======== INFORMATION PROVIDED ========

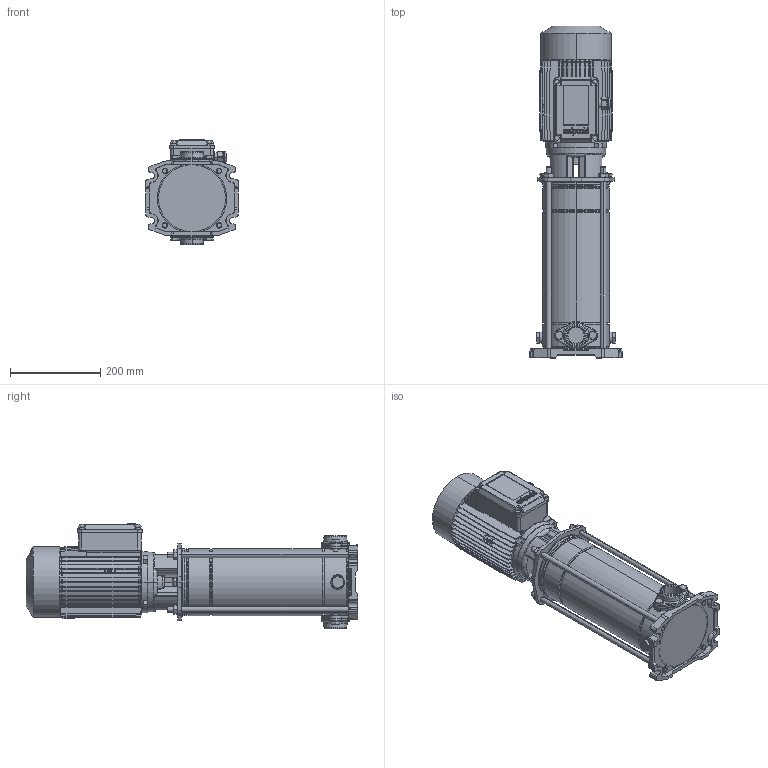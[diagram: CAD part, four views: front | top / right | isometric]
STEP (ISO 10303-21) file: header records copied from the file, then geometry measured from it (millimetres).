
FILE_DESCRIPTION (( 'STEP AP214' ), '1' );
FILE_NAME ('10009478swa01.step', '2022-02-16T16:35:08', ( '' ), ( '' ), 'SwSTEP 2.0', 'SolidWorks 2020', '' );
FILE_SCHEMA (( 'AUTOMOTIVE_DESIGN' ));
Length unit declared in the file: millimetre
Products named in the file (11): 10007646swp00_MXV 25-310 O; 10008798swn00_OR3181 - 45.69x2.62 - EPDM; 10007670swn00_M20x1.5; 10007641swp00; 10000015swn00_M10x20 A2; 10008489swp00_LAVORATO; 10007570swp00_80 L SZ VER.; 10007653swp00_M12X417; 10000005swn00_M12 A2-70; 10009345swp00; 10009478swa01
Assembly tree (21 placements, depth 2):
  10009478swa01
    10007641swp00
    10007646swp00_MXV 25-310 O
    10007653swp00_M12X417  x4
    10009345swp00
    10007570swp00_80 L SZ VER.
    10007670swn00_M20x1.5
    10000005swn00_M12 A2-70  x4
    10008798swn00_OR3181 - 45.69x2.62 - EPDM  x2
    10008489swp00_LAVORATO  x2
    10000015swn00_M10x20 A2  x4
Bounding box: 205 x 737 x 233.2 mm (x, y, z)
Volume: 12978786.9 mm3; surface area: 977435.9 mm2
Topology: 21 solids, 22 shells, 2113 faces, 5373 edges, 3383 vertices
Faces by surface type: plane 1086, cylinder 442, cone 322, bspline 134, torus 118, sphere 11
Entity records: 62141 total; most frequent: CARTESIAN_POINT 16268, ORIENTED_EDGE 9752, DIRECTION 8920, EDGE_CURVE 4876, VERTEX_POINT 3112, AXIS2_PLACEMENT_3D 3042, LINE 2836, VECTOR 2836

========

ACTIVITY:
Whenever a line in the material above holds the string "EPDM", copy that line in full.

ANSWER SECTION:
Products named in the file (11): 10007646swp00_MXV 25-310 O; 10008798swn00_OR3181 - 45.69x2.62 - EPDM; 10007670swn00_M20x1.5; 10007641swp00; 10000015swn00_M10x20 A2; 10008489swp00_LAVORATO; 10007570swp00_80 L SZ VER.; 10007653swp00_M12X417; 10000005swn00_M12 A2-70; 10009345swp00; 10009478swa01
    10008798swn00_OR3181 - 45.69x2.62 - EPDM  x2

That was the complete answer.